Type out all the records word for word. Any pictures are to be left out.

[Opening DATA RECORDS section]

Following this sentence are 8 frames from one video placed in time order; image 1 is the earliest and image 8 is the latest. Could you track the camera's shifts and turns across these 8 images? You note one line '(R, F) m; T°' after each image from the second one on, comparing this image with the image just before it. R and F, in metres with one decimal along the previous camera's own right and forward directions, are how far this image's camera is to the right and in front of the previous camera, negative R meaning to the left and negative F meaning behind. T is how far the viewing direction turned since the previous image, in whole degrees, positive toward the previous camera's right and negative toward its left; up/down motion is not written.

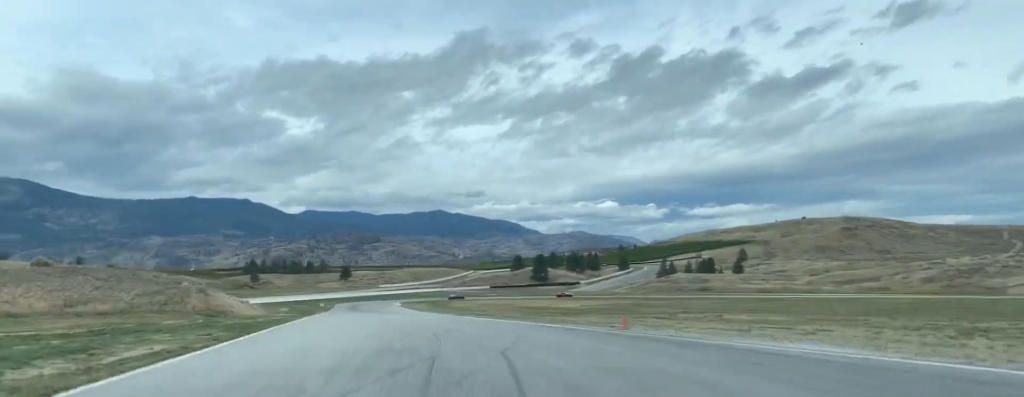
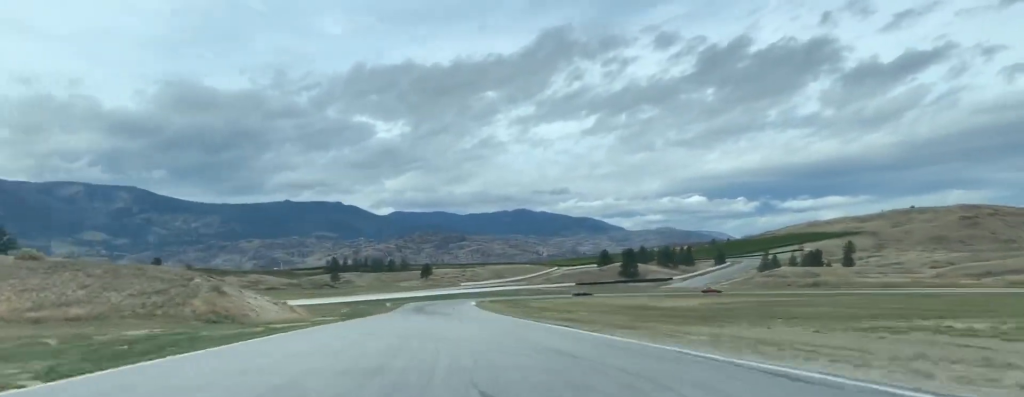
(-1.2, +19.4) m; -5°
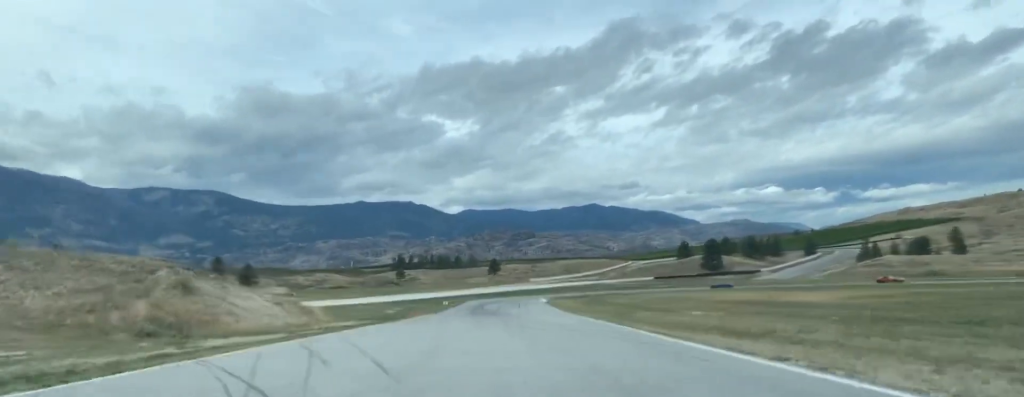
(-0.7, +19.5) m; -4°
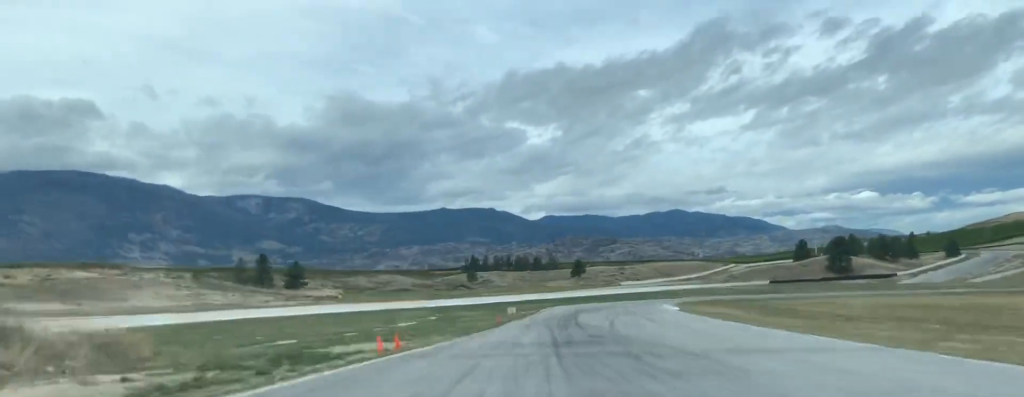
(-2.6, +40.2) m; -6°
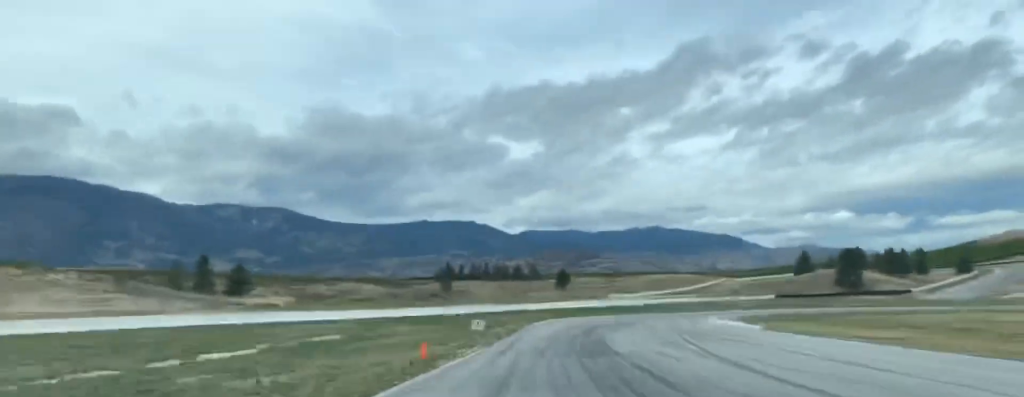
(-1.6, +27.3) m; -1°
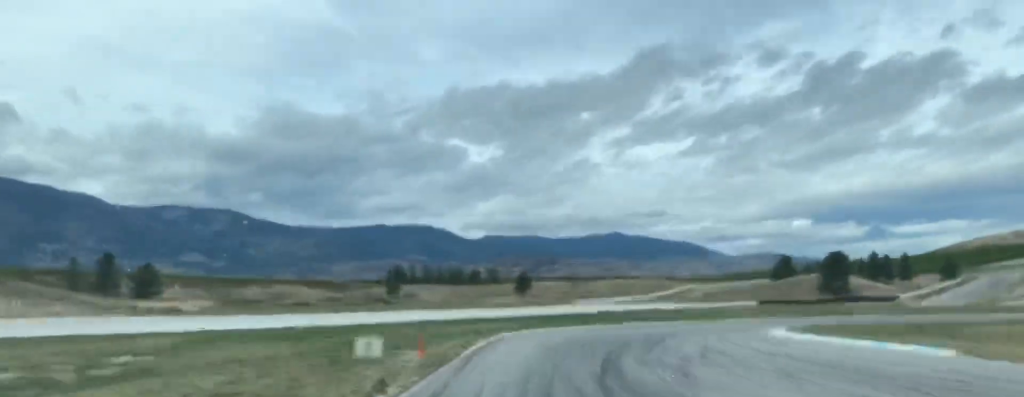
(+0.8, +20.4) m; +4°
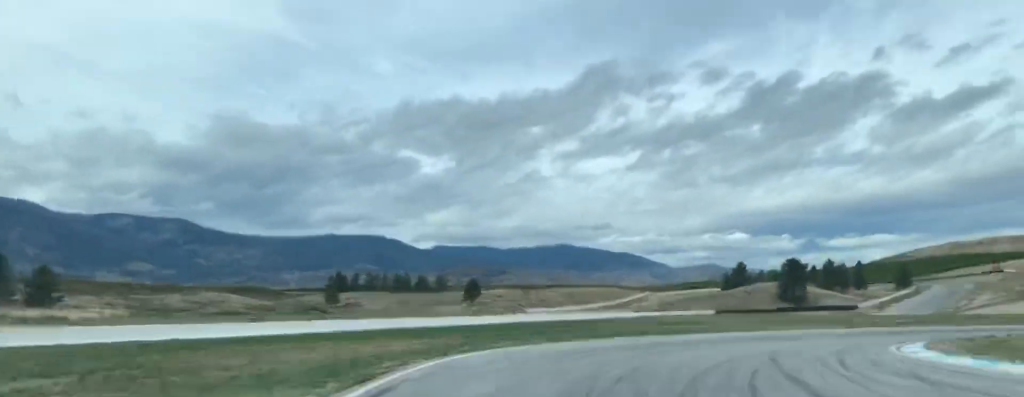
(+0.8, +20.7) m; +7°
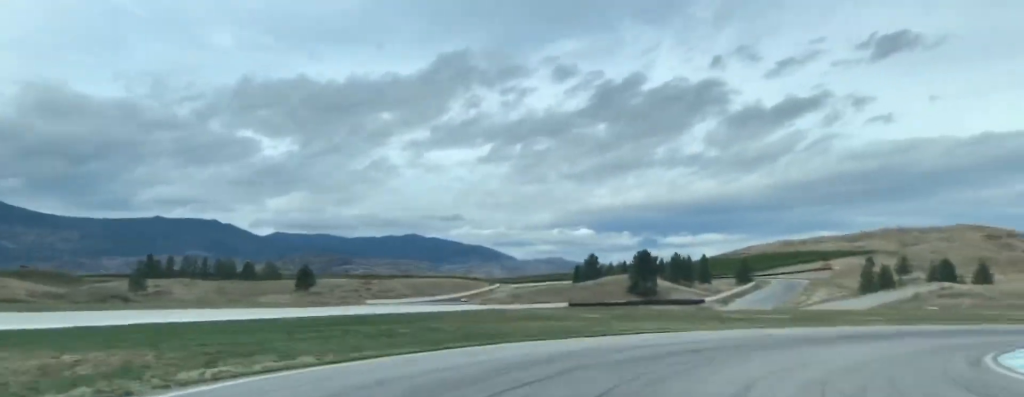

[Closing DATA RECORDS section]

* [RESULT OF THIS TASK]
Following this sentence are 8 frames from one video placed in time order; image 1 is the earliest and image 8 is the latest. Could you track the camera's shifts and turns across these 8 images? You note one line '(R, F) m; T°' after each image from the second one on, comparing this image with the image just before it. R and F, in metres with one decimal along the previous camera's own right and forward directions, are how far this image's camera is to the right and in front of the previous camera, negative R meaning to the left and negative F meaning behind. T is how far the viewing direction turned since the previous image, in whole degrees, positive toward the previous camera's right and negative toward its left; up/down motion is not written.

(-1.2, +19.4) m; -5°
(-0.7, +19.5) m; -4°
(-2.6, +40.2) m; -6°
(-1.6, +27.3) m; -1°
(+0.8, +20.4) m; +4°
(+0.8, +20.7) m; +7°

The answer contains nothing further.